### Problem
Take the lines from the beginning of the data below through the line holding "Camera infrarouge - Affichage de l'écran" and return exactly those.

(Data items)
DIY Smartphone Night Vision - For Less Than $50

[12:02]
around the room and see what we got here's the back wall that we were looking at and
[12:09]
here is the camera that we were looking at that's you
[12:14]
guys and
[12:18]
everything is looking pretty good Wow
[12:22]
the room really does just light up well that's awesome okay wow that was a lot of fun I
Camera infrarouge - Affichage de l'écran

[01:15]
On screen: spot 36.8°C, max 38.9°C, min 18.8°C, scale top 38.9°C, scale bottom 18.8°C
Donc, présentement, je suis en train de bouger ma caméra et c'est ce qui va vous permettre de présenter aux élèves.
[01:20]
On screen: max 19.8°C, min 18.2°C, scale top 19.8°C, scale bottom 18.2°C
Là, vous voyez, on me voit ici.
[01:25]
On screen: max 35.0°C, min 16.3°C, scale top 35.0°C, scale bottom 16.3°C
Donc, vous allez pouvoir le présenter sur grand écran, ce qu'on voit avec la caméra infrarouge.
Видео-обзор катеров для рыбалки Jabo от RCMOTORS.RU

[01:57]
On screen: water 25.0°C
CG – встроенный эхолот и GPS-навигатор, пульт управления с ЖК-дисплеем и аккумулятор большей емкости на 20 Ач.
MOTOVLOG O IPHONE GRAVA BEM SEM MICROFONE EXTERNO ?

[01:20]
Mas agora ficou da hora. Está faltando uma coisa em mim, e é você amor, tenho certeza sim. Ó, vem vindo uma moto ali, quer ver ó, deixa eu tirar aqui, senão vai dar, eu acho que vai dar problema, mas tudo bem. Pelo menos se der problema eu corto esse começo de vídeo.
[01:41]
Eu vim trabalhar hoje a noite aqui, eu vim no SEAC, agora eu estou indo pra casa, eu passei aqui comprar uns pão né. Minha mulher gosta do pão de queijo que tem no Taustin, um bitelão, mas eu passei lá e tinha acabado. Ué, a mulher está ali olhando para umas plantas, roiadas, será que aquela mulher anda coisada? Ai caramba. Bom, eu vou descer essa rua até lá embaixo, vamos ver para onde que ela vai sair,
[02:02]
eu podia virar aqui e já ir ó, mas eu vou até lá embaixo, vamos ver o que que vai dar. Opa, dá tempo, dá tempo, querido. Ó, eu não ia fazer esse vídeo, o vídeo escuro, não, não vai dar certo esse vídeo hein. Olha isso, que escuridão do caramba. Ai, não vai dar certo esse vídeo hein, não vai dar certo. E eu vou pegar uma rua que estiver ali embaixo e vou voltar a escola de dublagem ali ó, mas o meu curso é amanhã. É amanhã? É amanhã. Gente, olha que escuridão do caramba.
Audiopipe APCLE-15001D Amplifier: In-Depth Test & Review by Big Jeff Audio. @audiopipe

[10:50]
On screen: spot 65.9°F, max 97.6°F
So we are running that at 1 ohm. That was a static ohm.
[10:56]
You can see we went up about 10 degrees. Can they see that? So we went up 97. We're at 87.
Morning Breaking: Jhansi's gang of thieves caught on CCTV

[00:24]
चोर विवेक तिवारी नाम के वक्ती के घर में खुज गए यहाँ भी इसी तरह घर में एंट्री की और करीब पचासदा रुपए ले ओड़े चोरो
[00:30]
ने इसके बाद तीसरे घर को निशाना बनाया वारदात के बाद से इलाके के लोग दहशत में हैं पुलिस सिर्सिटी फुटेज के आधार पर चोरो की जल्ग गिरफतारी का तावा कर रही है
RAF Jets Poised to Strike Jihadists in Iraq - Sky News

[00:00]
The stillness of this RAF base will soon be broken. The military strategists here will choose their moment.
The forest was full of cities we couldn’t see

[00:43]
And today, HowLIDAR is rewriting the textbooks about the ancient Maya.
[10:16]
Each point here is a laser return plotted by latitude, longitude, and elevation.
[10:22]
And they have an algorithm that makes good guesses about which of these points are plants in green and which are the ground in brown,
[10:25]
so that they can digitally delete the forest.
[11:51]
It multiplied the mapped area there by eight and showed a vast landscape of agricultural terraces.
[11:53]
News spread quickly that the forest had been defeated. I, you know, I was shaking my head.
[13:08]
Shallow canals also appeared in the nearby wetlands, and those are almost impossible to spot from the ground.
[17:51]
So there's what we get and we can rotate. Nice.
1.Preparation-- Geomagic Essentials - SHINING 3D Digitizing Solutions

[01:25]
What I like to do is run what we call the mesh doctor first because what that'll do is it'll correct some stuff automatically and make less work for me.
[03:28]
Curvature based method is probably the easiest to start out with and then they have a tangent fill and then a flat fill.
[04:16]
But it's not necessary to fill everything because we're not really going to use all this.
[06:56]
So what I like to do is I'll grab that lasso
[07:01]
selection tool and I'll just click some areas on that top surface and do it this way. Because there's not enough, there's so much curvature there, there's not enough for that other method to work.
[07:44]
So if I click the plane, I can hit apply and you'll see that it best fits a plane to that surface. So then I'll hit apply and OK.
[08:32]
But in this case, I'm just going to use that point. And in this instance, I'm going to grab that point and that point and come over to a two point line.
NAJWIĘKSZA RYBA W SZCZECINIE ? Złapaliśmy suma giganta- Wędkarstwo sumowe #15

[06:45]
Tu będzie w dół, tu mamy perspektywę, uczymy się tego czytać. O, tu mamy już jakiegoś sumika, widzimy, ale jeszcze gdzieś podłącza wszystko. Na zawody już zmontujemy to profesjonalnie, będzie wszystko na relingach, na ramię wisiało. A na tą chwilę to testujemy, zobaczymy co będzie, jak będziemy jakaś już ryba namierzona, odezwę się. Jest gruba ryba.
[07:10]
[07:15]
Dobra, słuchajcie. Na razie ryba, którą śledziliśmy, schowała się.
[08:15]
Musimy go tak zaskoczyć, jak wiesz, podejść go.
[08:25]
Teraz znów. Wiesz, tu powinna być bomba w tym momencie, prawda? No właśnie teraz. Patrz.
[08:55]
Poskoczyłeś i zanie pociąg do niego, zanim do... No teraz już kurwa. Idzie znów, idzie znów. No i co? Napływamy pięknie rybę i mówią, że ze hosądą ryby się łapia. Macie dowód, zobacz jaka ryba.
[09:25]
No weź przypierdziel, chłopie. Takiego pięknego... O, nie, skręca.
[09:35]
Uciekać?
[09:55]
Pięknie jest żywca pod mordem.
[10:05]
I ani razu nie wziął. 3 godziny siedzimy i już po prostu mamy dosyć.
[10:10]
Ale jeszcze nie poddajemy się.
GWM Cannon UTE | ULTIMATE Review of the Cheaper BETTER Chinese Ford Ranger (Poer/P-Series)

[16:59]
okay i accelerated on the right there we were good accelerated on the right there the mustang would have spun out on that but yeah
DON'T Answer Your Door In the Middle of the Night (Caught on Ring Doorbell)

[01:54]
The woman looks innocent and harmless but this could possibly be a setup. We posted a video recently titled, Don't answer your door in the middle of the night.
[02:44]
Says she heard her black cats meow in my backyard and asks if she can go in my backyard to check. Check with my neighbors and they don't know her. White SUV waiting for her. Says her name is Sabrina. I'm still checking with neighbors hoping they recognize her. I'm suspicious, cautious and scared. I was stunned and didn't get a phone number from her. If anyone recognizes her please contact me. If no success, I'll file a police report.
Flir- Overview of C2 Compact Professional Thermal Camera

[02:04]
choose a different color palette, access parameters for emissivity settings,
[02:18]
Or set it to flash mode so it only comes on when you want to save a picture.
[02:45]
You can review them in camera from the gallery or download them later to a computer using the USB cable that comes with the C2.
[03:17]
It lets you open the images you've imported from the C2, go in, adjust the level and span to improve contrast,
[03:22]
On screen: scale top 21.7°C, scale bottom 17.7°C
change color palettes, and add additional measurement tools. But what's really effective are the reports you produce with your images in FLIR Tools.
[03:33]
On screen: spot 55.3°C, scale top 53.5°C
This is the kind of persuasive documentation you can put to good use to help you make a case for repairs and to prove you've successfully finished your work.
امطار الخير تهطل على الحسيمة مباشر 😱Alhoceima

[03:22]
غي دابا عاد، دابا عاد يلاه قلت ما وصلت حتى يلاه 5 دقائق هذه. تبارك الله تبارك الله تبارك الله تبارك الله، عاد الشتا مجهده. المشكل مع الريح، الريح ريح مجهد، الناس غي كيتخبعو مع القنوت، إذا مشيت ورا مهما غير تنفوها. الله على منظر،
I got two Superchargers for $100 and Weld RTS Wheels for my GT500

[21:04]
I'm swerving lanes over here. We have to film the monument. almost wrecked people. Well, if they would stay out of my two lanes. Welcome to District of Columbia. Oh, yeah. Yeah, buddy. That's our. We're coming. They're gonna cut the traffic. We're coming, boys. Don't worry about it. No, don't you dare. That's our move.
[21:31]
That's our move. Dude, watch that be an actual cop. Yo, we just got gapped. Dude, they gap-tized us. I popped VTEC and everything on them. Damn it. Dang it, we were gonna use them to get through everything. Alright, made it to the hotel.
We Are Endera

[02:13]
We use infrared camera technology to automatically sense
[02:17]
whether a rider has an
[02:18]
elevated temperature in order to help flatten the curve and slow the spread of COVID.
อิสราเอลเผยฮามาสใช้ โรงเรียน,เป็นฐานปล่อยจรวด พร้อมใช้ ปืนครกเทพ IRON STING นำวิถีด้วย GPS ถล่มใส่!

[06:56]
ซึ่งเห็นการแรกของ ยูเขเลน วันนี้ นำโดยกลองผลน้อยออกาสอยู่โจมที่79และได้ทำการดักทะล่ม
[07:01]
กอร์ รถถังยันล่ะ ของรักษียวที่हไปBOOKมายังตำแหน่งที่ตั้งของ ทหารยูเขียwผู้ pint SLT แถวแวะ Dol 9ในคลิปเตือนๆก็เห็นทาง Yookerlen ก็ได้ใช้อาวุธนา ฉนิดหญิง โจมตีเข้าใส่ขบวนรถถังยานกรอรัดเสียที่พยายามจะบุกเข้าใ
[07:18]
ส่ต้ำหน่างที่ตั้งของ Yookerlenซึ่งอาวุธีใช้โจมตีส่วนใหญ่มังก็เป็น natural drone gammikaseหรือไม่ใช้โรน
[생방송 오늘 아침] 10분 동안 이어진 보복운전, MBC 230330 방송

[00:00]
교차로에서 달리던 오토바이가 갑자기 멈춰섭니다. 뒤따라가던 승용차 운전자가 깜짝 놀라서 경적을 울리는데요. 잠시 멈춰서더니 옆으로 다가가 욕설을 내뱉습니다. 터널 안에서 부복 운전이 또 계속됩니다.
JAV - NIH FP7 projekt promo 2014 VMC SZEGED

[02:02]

### Written reply
DIY Smartphone Night Vision - For Less Than $50

[12:02]
around the room and see what we got here's the back wall that we were looking at and
[12:09]
here is the camera that we were looking at that's you
[12:14]
guys and
[12:18]
everything is looking pretty good Wow
[12:22]
the room really does just light up well that's awesome okay wow that was a lot of fun I
Camera infrarouge - Affichage de l'écran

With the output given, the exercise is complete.